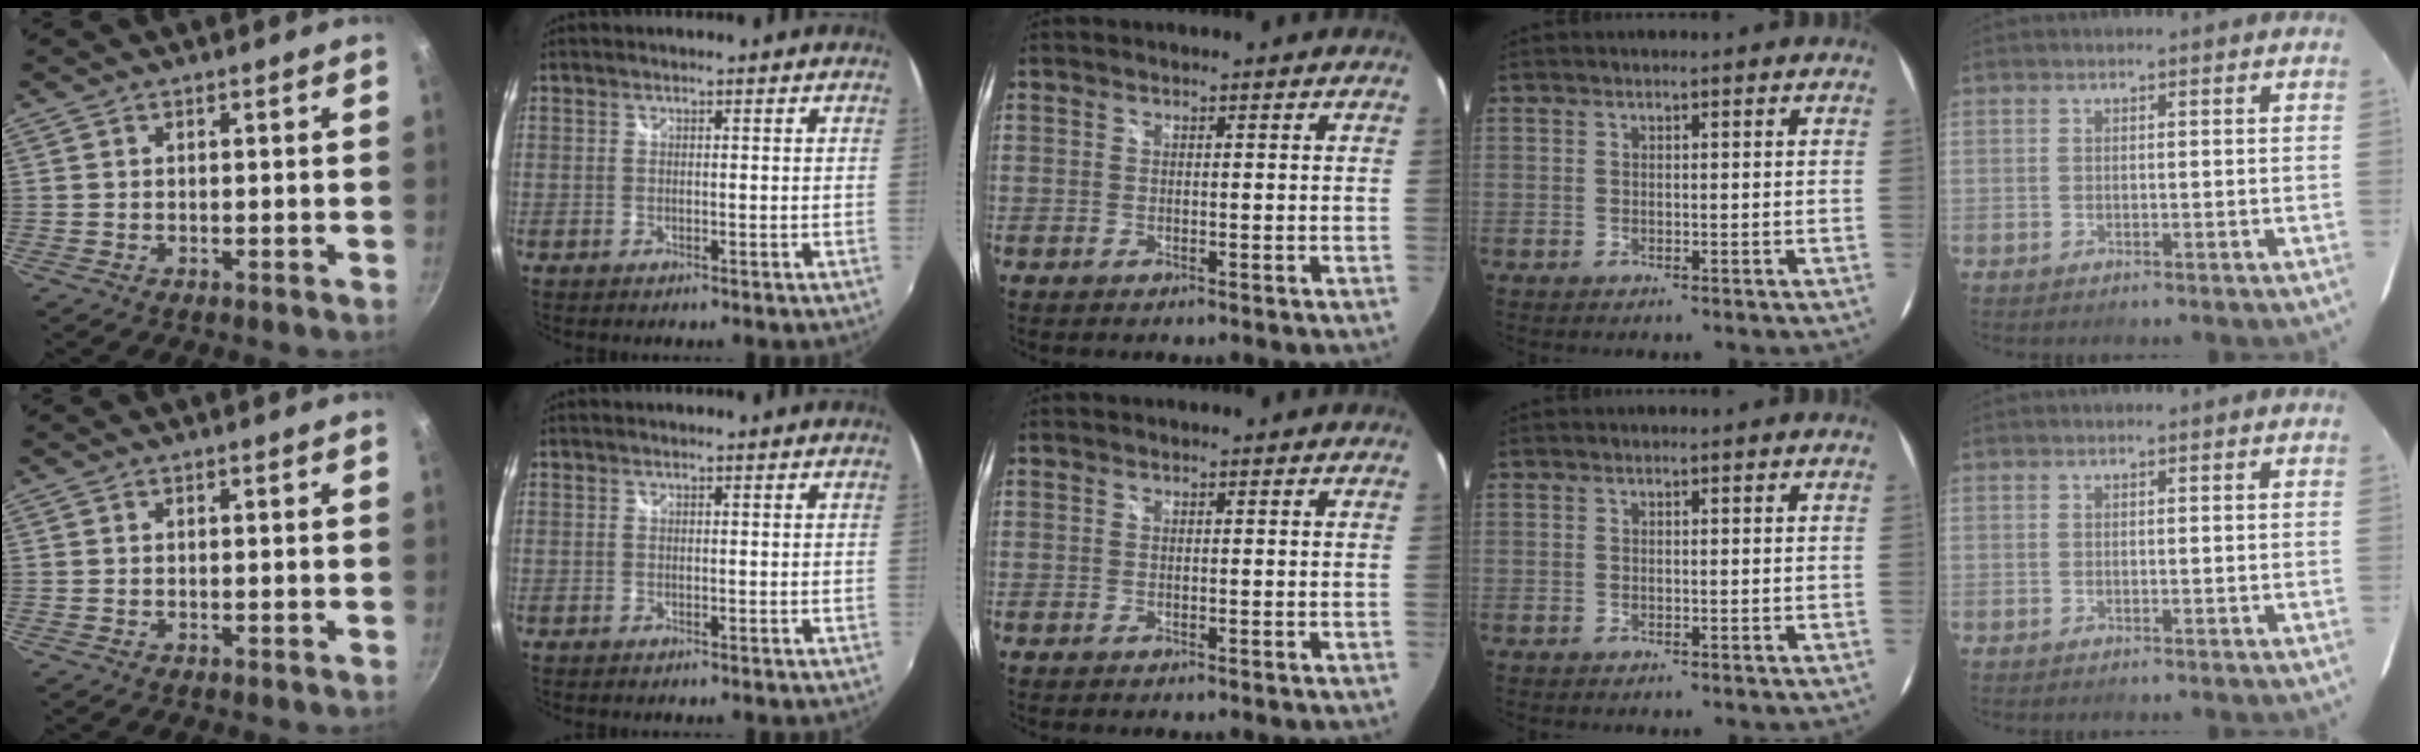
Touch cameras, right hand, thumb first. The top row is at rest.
{}
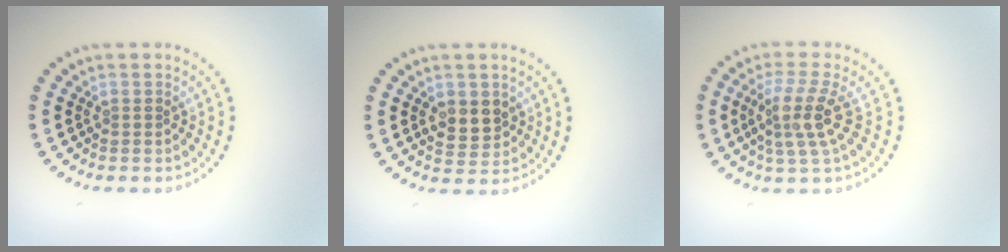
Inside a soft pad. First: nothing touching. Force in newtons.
{"total": 2.6, "press": 2.5, "slide": 0.6}
{"total": 3.6, "press": 2.7, "slide": 2.4}
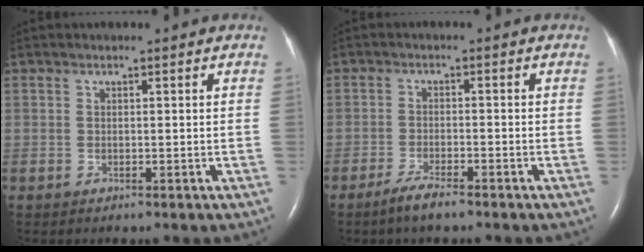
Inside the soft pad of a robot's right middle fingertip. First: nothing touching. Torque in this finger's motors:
{"motor_torque": [0.46, -0.33, 0.04, 0.02]}
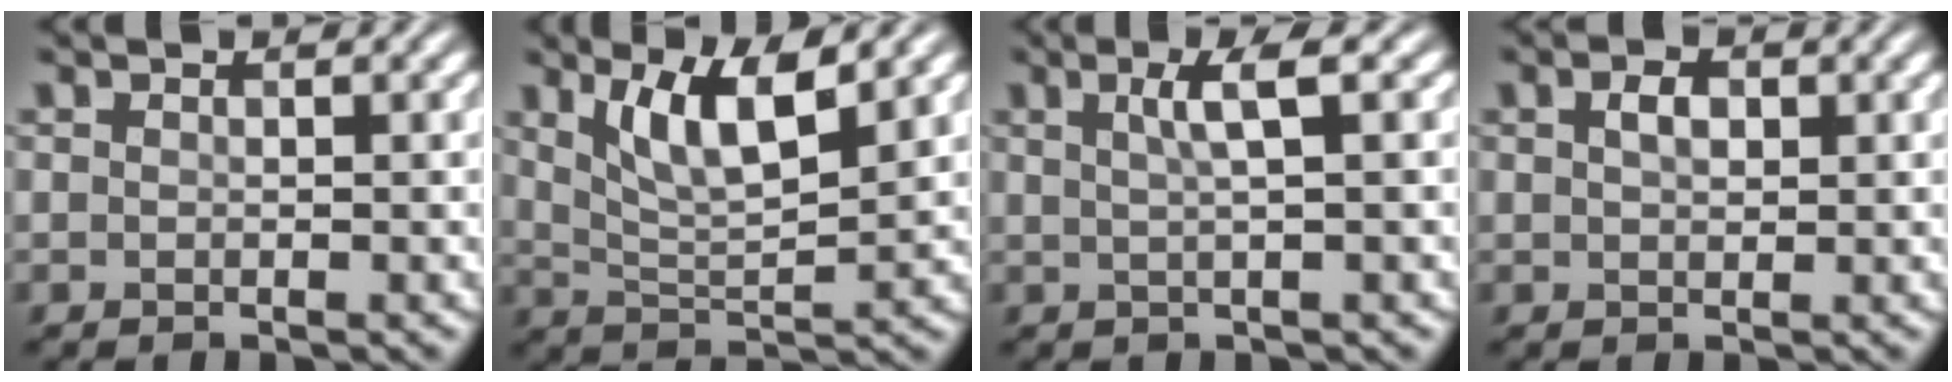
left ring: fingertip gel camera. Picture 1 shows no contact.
{"total": 5.6, "force": [2.9, 1.6, 4.5], "torque": [-0.088, -0.006, 0.053]}
{"total": 3.0, "force": [0.9, 0.6, 2.8], "torque": [-0.041, 0.009, 0.013]}
{"total": 1.8, "force": [0.6, 1.1, 1.3], "torque": [-0.026, 0.003, 0.009]}
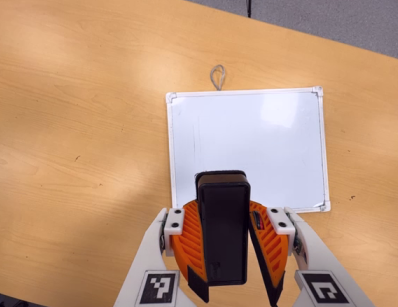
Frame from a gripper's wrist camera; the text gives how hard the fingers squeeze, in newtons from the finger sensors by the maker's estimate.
{"total": 9.4, "left": 9.6, "right": 9.2}
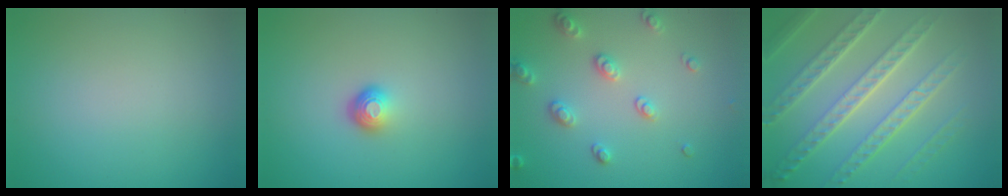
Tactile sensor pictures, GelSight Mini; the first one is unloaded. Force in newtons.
{"total": 1.8, "press": 1.1, "slide": 1.5}
{"total": 2.7, "press": 2.7, "slide": 0.5}
{"total": 7.3, "press": 5.3, "slide": 5.1}
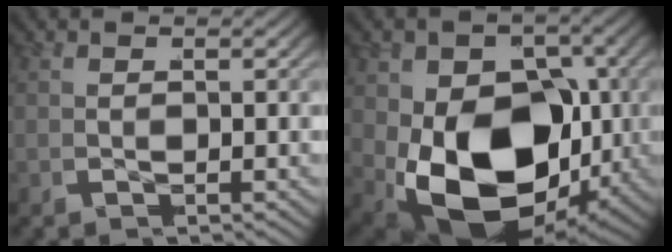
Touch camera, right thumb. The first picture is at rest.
{"total": 19.6, "force": [-2.4, 12.9, 14.6], "torque": [-0.295, -0.074, -0.003]}
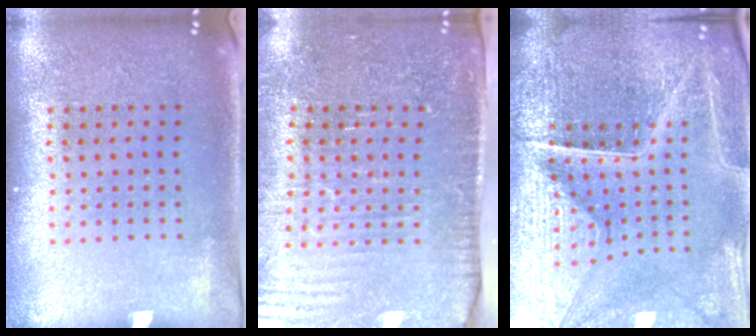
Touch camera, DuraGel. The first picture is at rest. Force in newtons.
{"total": 3.7, "press": 3.5, "slide": 1.2}
{"total": 5.6, "press": 5.2, "slide": 2.0}
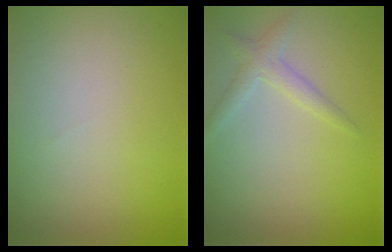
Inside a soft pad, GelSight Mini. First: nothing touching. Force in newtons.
{"total": 1.7, "press": 1.7, "slide": 0.0}
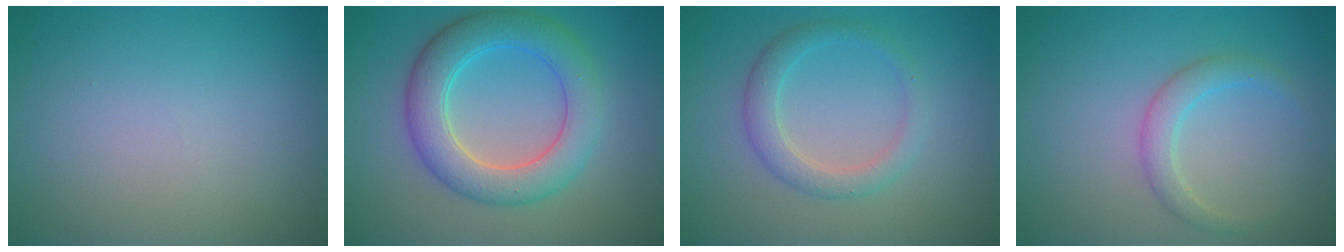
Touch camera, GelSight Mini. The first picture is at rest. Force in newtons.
{"total": 6.2, "press": 6.2, "slide": 0.3}
{"total": 2.7, "press": 2.7, "slide": 0.2}
{"total": 2.3, "press": 2.2, "slide": 0.3}
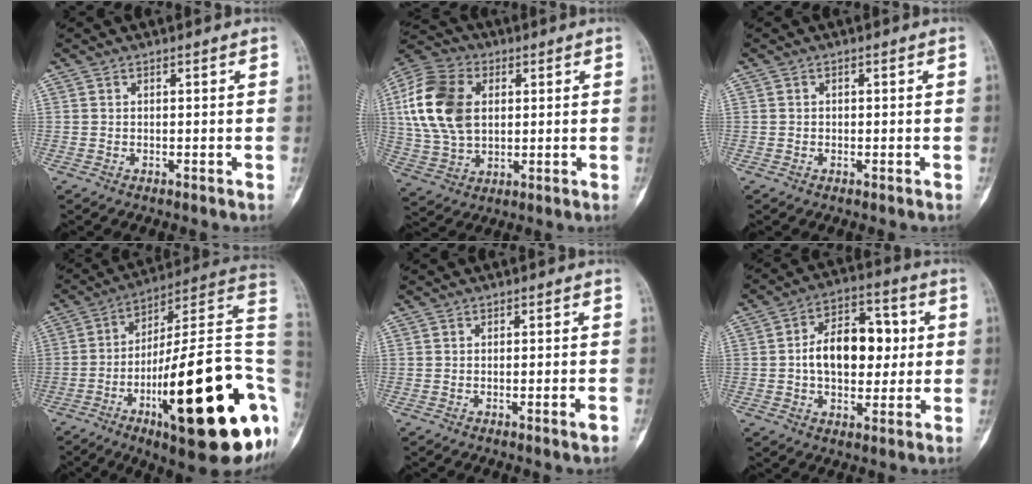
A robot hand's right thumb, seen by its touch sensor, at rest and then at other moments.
{"total": 16.8, "force": [3.2, 11.5, 11.9], "torque": [-0.227, 0.007, 0.059]}
{"total": 0.5, "force": [-0.1, 0.5, 0.0], "torque": [0.006, 0.004, -0.002]}
{"total": 33.0, "force": [-8.6, 8.5, 30.7], "torque": [-0.384, 0.041, -0.129]}
{"total": 2.4, "force": [-1.0, 0.2, 2.2], "torque": [-0.041, 0.003, -0.013]}
{"total": 14.4, "force": [0.8, 9.0, 11.1], "torque": [-0.137, 0.024, 0.008]}
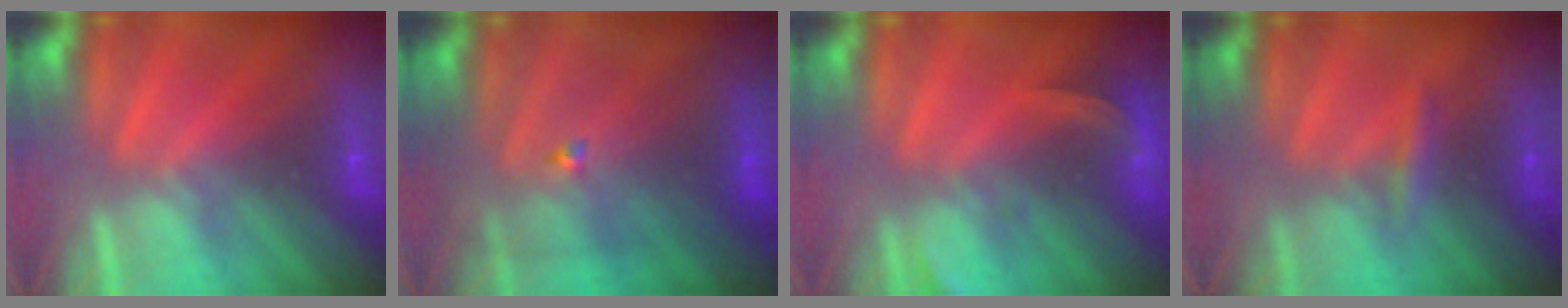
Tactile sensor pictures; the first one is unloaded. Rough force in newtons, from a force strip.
{"total": 4.5}
{"total": 2.6}
{"total": 2.4}
+++
What you should do » Write out the material above exactly, and omit the pictures it holds.

Exercise result »
Touch cameras, right hand, thumb first. The top row is at rest.
{}
Inside a soft pad. First: nothing touching. Force in newtons.
{"total": 2.6, "press": 2.5, "slide": 0.6}
{"total": 3.6, "press": 2.7, "slide": 2.4}
Inside the soft pad of a robot's right middle fingertip. First: nothing touching. Torque in this finger's motors:
{"motor_torque": [0.46, -0.33, 0.04, 0.02]}
left ring: fingertip gel camera. Picture 1 shows no contact.
{"total": 5.6, "force": [2.9, 1.6, 4.5], "torque": [-0.088, -0.006, 0.053]}
{"total": 3.0, "force": [0.9, 0.6, 2.8], "torque": [-0.041, 0.009, 0.013]}
{"total": 1.8, "force": [0.6, 1.1, 1.3], "torque": [-0.026, 0.003, 0.009]}
Frame from a gripper's wrist camera; the text gives how hard the fingers squeeze, in newtons from the finger sensors by the maker's estimate.
{"total": 9.4, "left": 9.6, "right": 9.2}
Tactile sensor pictures, GelSight Mini; the first one is unloaded. Force in newtons.
{"total": 1.8, "press": 1.1, "slide": 1.5}
{"total": 2.7, "press": 2.7, "slide": 0.5}
{"total": 7.3, "press": 5.3, "slide": 5.1}
Touch camera, right thumb. The first picture is at rest.
{"total": 19.6, "force": [-2.4, 12.9, 14.6], "torque": [-0.295, -0.074, -0.003]}
Touch camera, DuraGel. The first picture is at rest. Force in newtons.
{"total": 3.7, "press": 3.5, "slide": 1.2}
{"total": 5.6, "press": 5.2, "slide": 2.0}
Inside a soft pad, GelSight Mini. First: nothing touching. Force in newtons.
{"total": 1.7, "press": 1.7, "slide": 0.0}
Touch camera, GelSight Mini. The first picture is at rest. Force in newtons.
{"total": 6.2, "press": 6.2, "slide": 0.3}
{"total": 2.7, "press": 2.7, "slide": 0.2}
{"total": 2.3, "press": 2.2, "slide": 0.3}
A robot hand's right thumb, seen by its touch sensor, at rest and then at other moments.
{"total": 16.8, "force": [3.2, 11.5, 11.9], "torque": [-0.227, 0.007, 0.059]}
{"total": 0.5, "force": [-0.1, 0.5, 0.0], "torque": [0.006, 0.004, -0.002]}
{"total": 33.0, "force": [-8.6, 8.5, 30.7], "torque": [-0.384, 0.041, -0.129]}
{"total": 2.4, "force": [-1.0, 0.2, 2.2], "torque": [-0.041, 0.003, -0.013]}
{"total": 14.4, "force": [0.8, 9.0, 11.1], "torque": [-0.137, 0.024, 0.008]}
Tactile sensor pictures; the first one is unloaded. Rough force in newtons, from a force strip.
{"total": 4.5}
{"total": 2.6}
{"total": 2.4}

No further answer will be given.